Excluding pictures, transcribe precisely the lines from the one containing "[00:00:07.700]" to the final line of the listing below, inclusive, and nothing more.

Provided records:

□ □ □ □

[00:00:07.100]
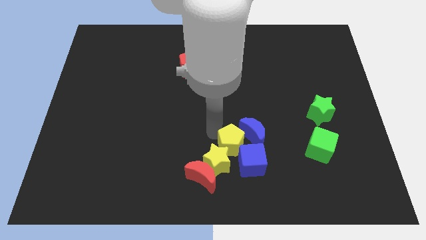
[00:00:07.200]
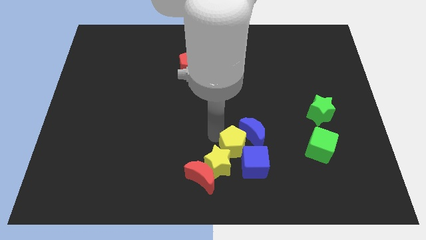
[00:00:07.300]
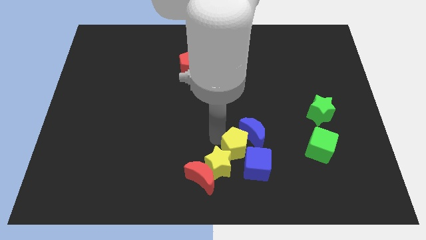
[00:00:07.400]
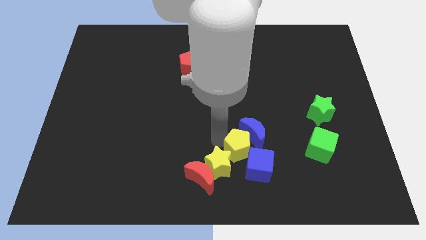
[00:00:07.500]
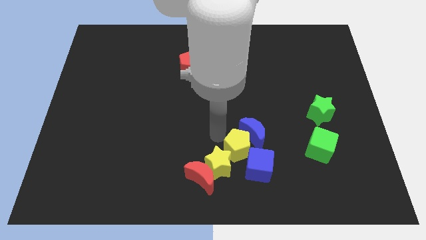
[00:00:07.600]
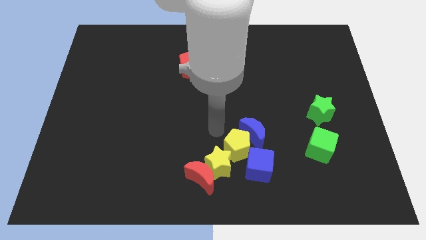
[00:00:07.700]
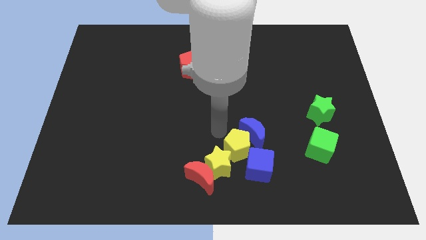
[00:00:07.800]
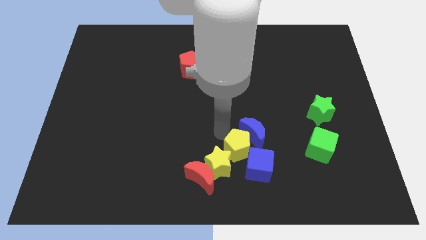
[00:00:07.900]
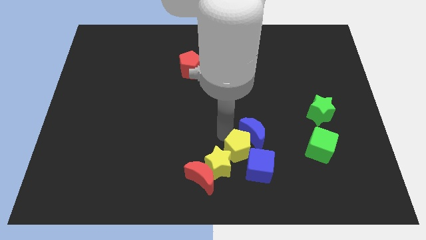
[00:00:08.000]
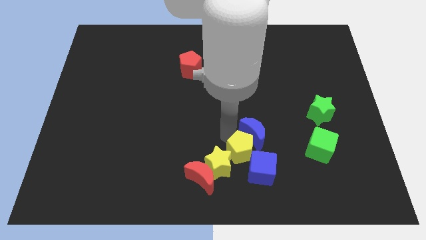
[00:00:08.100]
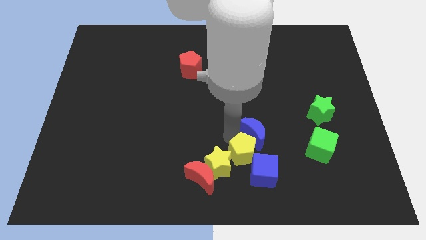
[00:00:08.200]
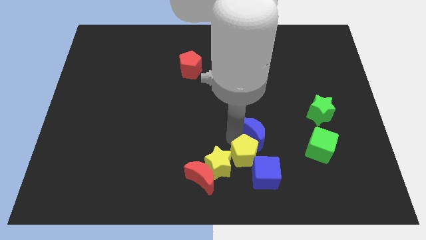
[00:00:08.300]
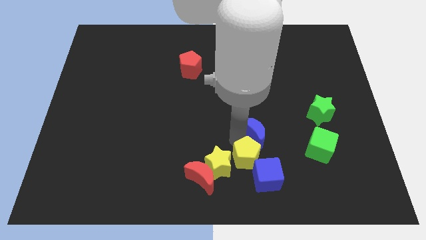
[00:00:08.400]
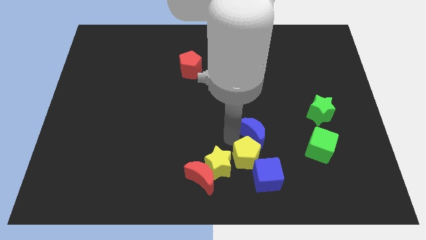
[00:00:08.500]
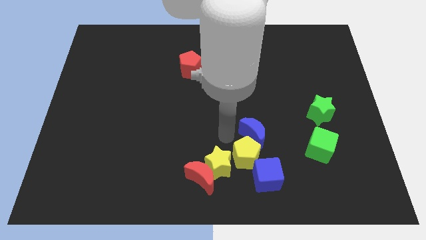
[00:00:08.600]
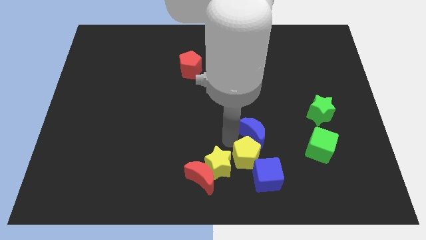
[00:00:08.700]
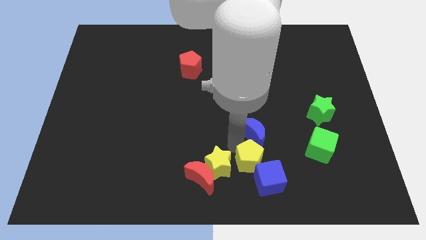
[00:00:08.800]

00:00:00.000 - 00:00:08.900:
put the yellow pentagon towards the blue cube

□ □ □ □

Response below:
[00:00:07.700]
[00:00:07.800]
[00:00:07.900]
[00:00:08.000]
[00:00:08.100]
[00:00:08.200]
[00:00:08.300]
[00:00:08.400]
[00:00:08.500]
[00:00:08.600]
[00:00:08.700]
[00:00:08.800]

00:00:00.000 - 00:00:08.900:
put the yellow pentagon towards the blue cube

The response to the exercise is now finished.